→ **Task to carry out**
From the entries below, gather every line containing the string "fill".

→ **Dataset entries**
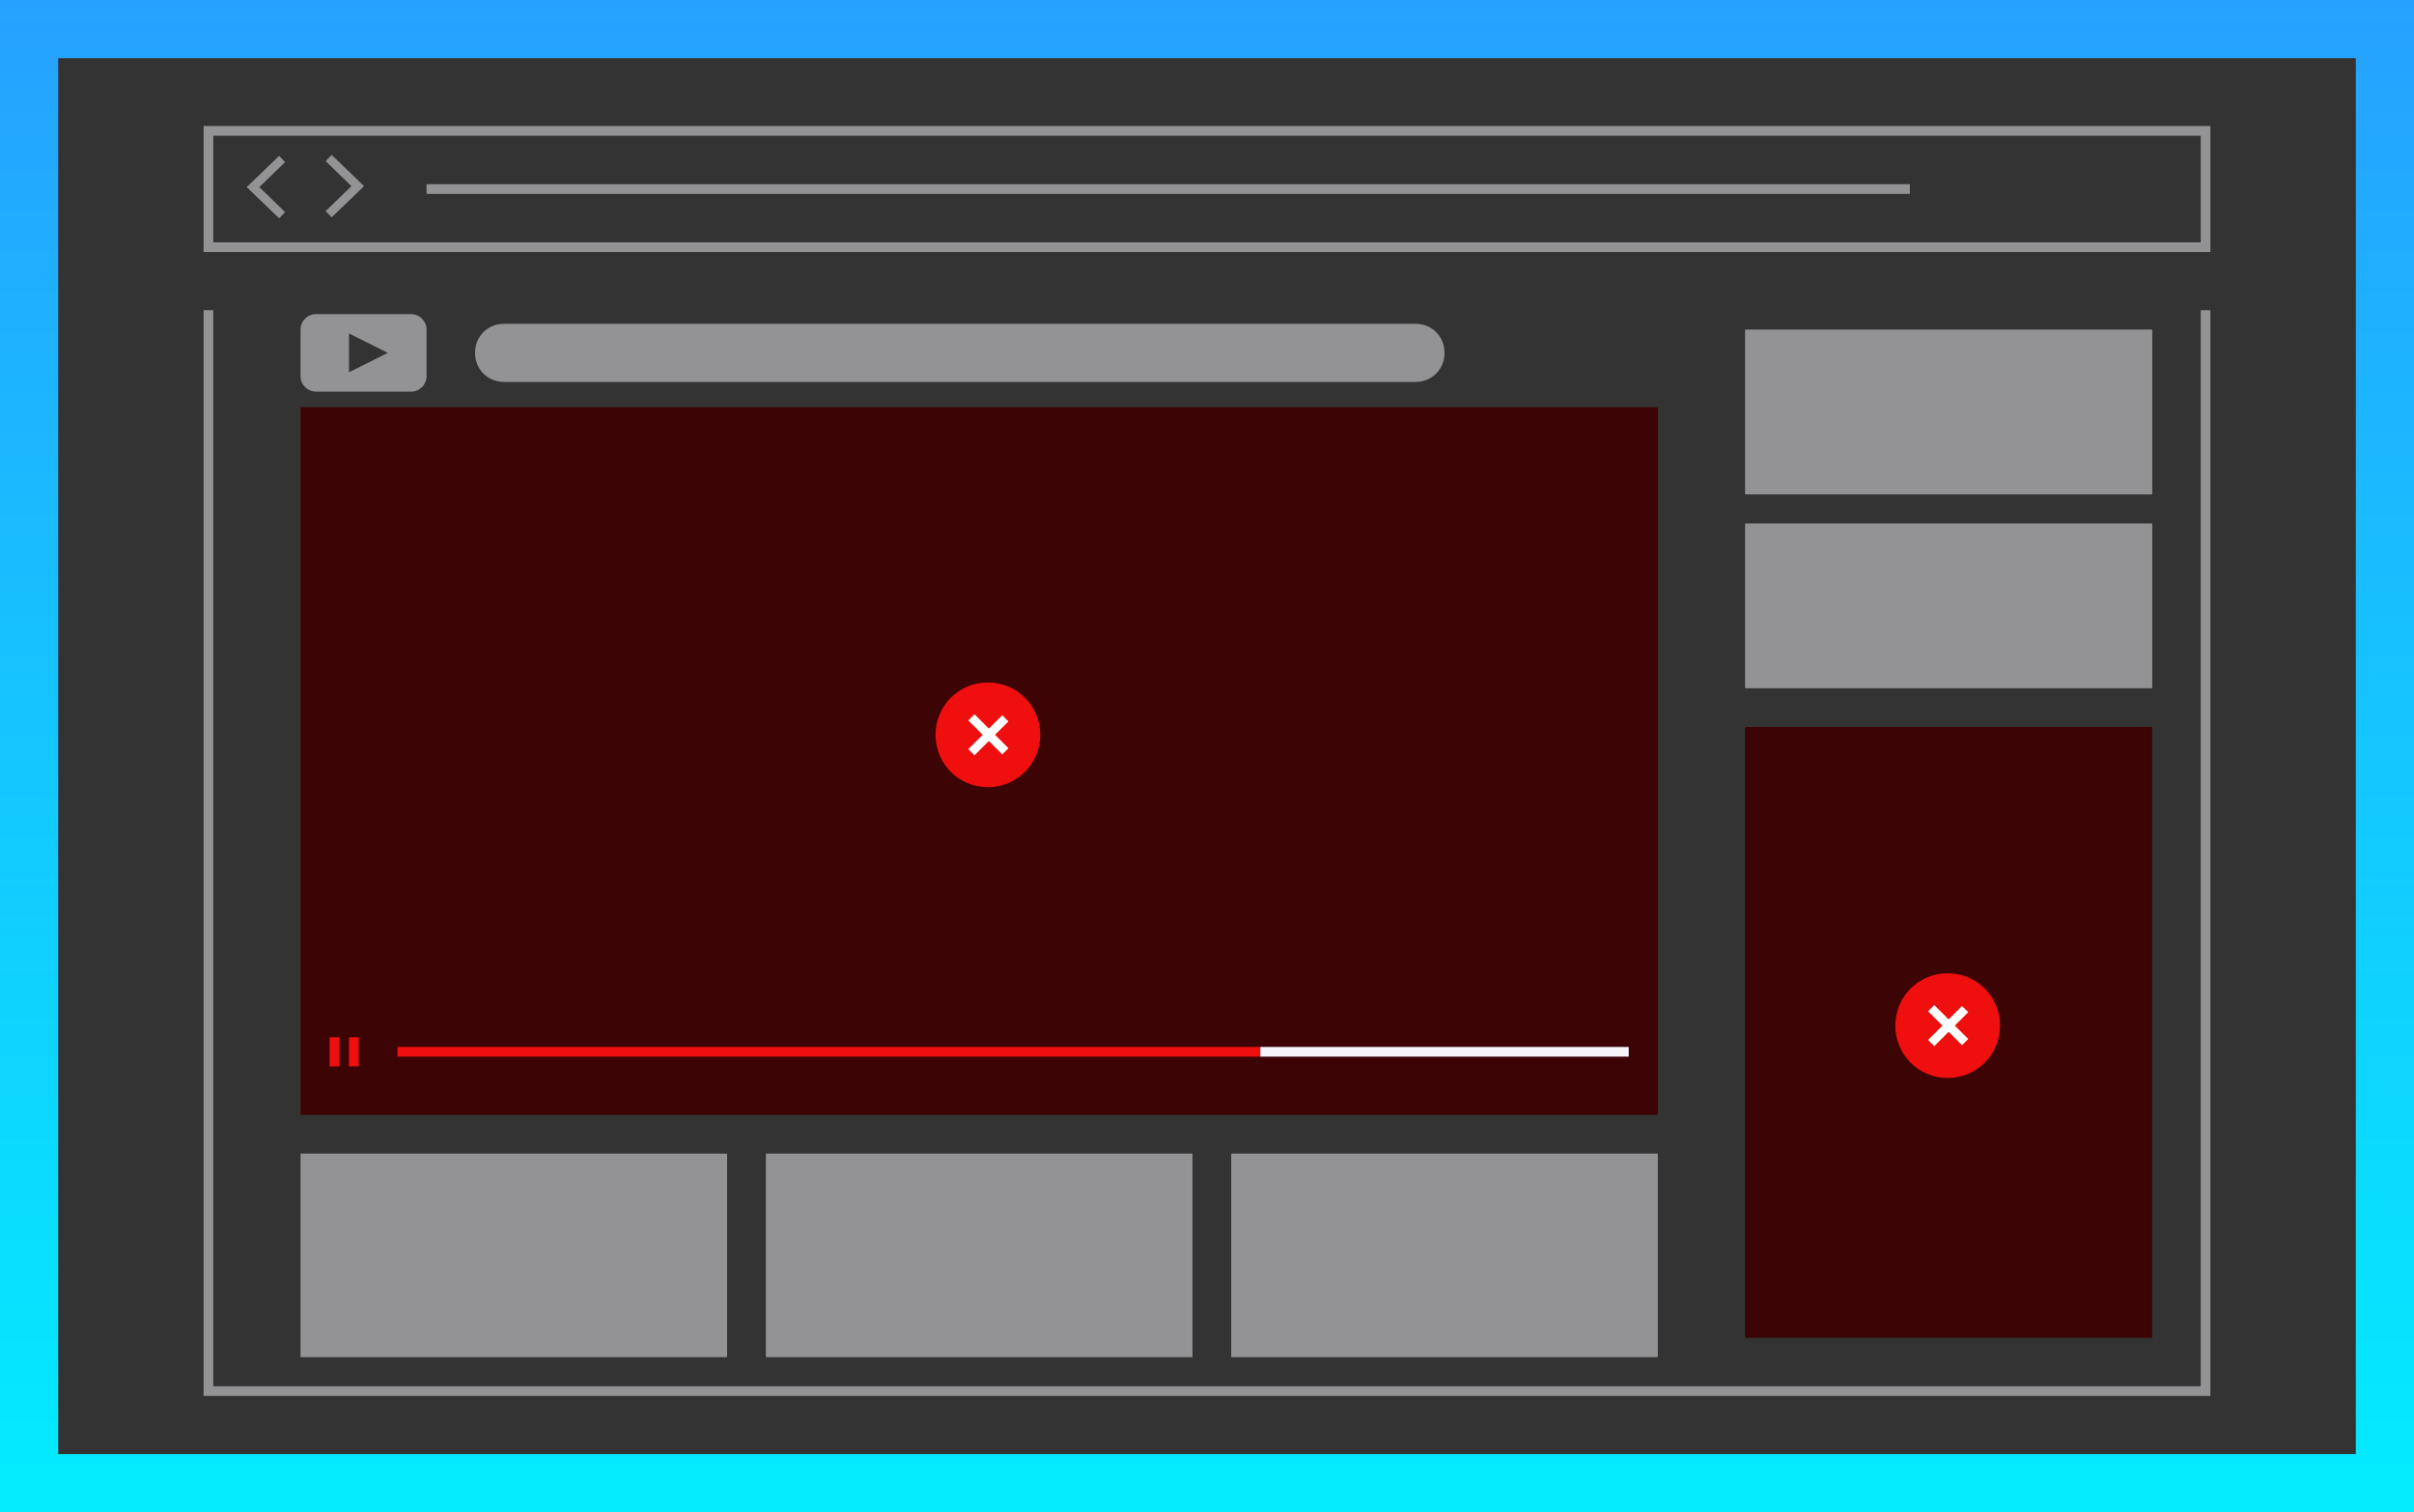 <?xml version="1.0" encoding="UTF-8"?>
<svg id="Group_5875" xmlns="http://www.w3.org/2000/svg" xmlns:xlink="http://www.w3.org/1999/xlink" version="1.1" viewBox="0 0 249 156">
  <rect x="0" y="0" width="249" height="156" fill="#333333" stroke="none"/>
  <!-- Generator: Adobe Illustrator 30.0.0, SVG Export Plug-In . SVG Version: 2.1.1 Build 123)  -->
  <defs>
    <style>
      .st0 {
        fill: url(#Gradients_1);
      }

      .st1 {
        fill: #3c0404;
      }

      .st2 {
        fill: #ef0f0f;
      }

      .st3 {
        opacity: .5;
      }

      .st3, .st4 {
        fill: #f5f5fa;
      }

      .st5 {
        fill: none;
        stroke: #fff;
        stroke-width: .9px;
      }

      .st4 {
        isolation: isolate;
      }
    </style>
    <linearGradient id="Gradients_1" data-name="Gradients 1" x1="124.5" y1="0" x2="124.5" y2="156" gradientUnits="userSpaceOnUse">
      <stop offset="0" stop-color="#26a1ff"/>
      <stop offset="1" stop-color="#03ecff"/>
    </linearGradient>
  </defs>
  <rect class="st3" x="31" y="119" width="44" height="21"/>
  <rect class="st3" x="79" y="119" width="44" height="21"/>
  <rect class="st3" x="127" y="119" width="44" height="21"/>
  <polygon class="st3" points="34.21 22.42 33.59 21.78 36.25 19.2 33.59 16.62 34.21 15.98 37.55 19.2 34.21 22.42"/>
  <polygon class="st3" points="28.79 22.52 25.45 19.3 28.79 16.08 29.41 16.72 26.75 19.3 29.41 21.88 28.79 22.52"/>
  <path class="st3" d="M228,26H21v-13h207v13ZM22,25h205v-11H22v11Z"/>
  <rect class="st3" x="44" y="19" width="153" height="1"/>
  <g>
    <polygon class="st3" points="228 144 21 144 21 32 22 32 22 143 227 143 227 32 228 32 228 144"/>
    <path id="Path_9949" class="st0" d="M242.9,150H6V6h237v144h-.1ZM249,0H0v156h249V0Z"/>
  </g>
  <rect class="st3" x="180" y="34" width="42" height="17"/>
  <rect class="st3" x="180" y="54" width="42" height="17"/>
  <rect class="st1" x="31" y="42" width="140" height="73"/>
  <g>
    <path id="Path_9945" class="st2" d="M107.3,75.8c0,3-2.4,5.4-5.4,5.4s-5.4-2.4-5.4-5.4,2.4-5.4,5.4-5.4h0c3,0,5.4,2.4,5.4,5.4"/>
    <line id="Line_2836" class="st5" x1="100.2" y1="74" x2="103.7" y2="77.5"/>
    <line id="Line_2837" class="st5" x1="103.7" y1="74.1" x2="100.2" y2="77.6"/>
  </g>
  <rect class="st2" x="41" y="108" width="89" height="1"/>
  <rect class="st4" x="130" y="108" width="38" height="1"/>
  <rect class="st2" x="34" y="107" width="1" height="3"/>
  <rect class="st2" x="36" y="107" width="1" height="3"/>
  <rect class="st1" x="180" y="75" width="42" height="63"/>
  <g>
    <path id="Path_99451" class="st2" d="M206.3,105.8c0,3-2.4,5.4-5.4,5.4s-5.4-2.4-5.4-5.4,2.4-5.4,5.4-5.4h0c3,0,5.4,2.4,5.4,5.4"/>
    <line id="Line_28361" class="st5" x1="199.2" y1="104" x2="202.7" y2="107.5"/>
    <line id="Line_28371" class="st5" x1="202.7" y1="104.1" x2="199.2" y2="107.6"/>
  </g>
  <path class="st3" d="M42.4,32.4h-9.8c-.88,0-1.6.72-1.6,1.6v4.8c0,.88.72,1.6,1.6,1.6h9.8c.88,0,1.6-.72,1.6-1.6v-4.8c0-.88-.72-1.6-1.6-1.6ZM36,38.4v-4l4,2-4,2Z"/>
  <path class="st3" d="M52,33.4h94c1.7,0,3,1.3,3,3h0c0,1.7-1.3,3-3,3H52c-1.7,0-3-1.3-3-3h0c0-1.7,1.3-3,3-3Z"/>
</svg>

→ **Answer to the problem**
  <rect x="0" y="0" width="249" height="156" fill="#333333" stroke="none"/>
        fill: url(#Gradients_1);
        fill: #3c0404;
        fill: #ef0f0f;
        fill: #f5f5fa;
        fill: none;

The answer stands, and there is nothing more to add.